··· SUPPLIED RECORDS
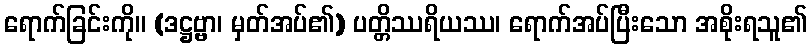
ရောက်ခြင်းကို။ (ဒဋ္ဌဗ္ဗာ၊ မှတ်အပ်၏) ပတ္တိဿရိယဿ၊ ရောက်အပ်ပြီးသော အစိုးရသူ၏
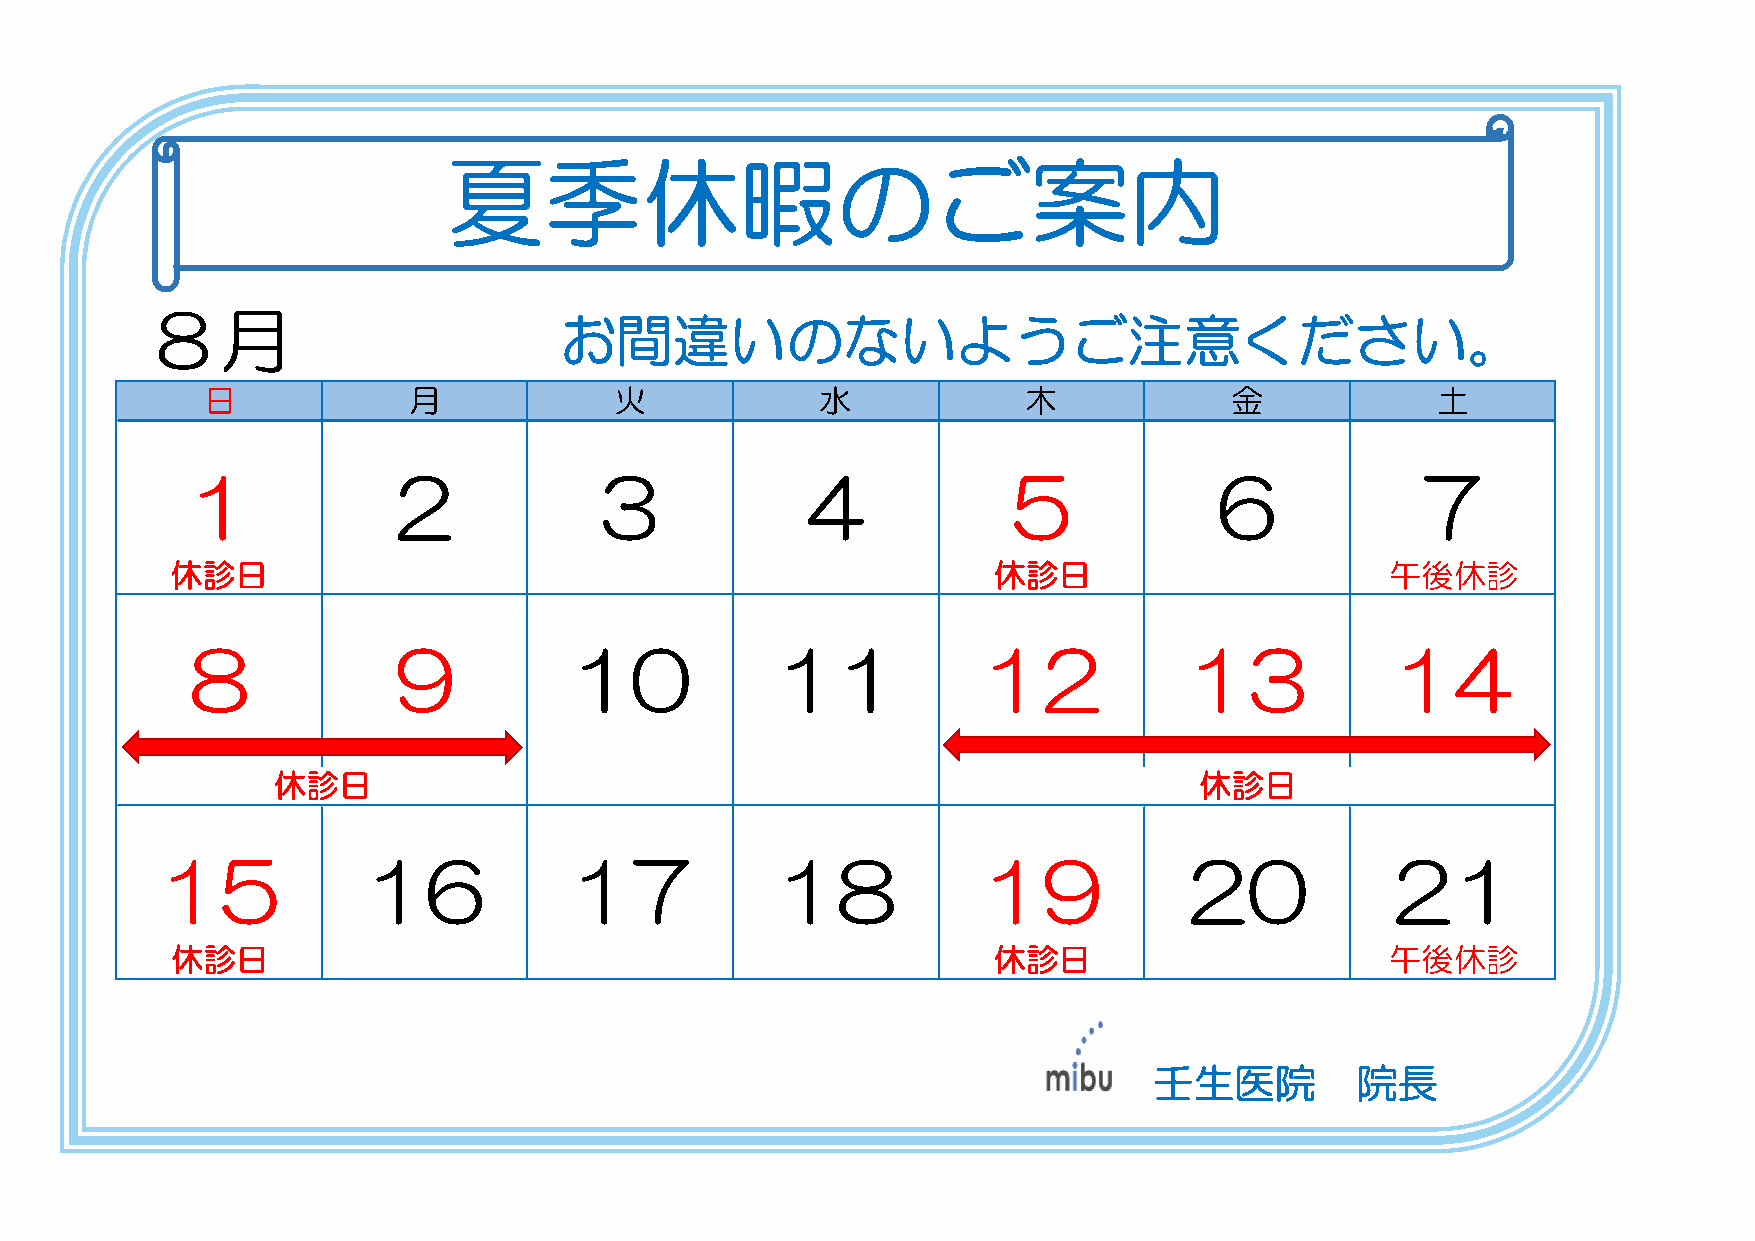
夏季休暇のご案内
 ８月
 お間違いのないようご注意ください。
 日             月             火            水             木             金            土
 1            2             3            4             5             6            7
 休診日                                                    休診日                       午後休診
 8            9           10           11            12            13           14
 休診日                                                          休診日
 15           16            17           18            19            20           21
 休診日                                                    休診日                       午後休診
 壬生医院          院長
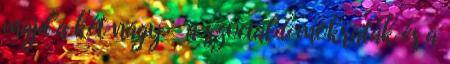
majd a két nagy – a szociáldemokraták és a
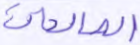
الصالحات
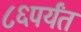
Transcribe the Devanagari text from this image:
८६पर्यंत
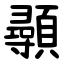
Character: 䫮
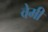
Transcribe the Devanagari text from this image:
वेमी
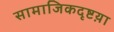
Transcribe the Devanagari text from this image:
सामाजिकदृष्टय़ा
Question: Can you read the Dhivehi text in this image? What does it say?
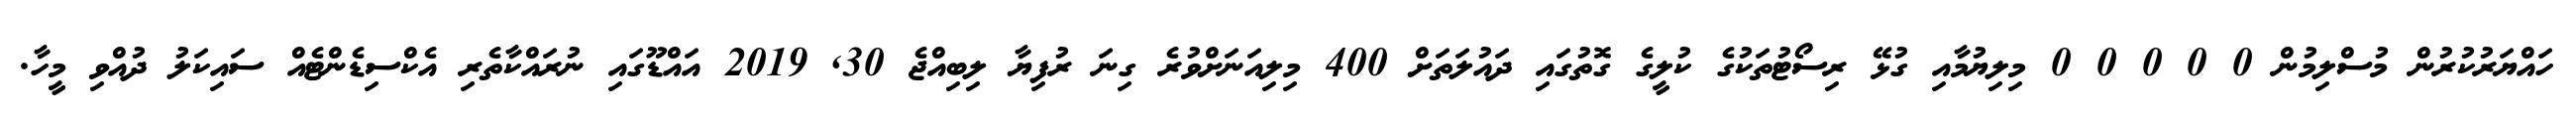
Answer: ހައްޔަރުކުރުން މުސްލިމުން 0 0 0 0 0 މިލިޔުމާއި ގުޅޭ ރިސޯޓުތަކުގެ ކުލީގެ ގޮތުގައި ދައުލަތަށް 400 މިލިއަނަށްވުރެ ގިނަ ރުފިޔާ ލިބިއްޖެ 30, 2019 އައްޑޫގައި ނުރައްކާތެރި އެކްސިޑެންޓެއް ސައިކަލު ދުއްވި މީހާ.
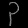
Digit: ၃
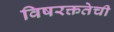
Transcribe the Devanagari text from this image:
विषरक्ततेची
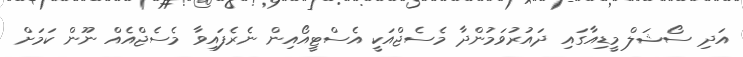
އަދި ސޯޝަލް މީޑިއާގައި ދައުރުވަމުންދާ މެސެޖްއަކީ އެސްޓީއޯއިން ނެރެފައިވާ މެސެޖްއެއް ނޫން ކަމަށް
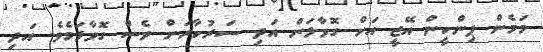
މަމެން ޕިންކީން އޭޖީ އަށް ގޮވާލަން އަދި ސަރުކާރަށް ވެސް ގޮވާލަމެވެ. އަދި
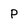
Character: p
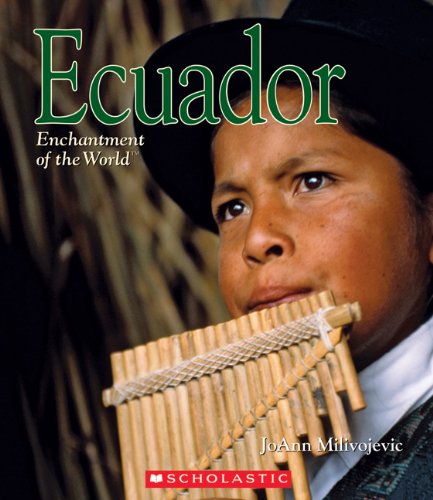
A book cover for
······
**TASK GOAL**
Give again the lines from the line that contains "Character: 䫮" through the last line of the material above, exactly and with both ends included. Omit the pictures.

**ANSWER FOR THE TASK**
Character: 䫮
Transcribe the Devanagari text from this image:
वेमी
Transcribe the Devanagari text from this image:
सामाजिकदृष्टय़ा
Question: Can you read the Dhivehi text in this image? What does it say?
Answer: ހައްޔަރުކުރުން މުސްލިމުން 0 0 0 0 0 މިލިޔުމާއި ގުޅޭ ރިސޯޓުތަކުގެ ކުލީގެ ގޮތުގައި ދައުލަތަށް 400 މިލިއަނަށްވުރެ ގިނަ ރުފިޔާ ލިބިއްޖެ 30, 2019 އައްޑޫގައި ނުރައްކާތެރި އެކްސިޑެންޓެއް ސައިކަލު ދުއްވި މީހާ.
Digit: ၃
Transcribe the Devanagari text from this image:
विषरक्ततेची
އަދި ސޯޝަލް މީޑިއާގައި ދައުރުވަމުންދާ މެސެޖްއަކީ އެސްޓީއޯއިން ނެރެފައިވާ މެސެޖްއެއް ނޫން ކަމަށް
މަމެން ޕިންކީން އޭޖީ އަށް ގޮވާލަން އަދި ސަރުކާރަށް ވެސް ގޮވާލަމެވެ. އަދި
Character: p
A book cover for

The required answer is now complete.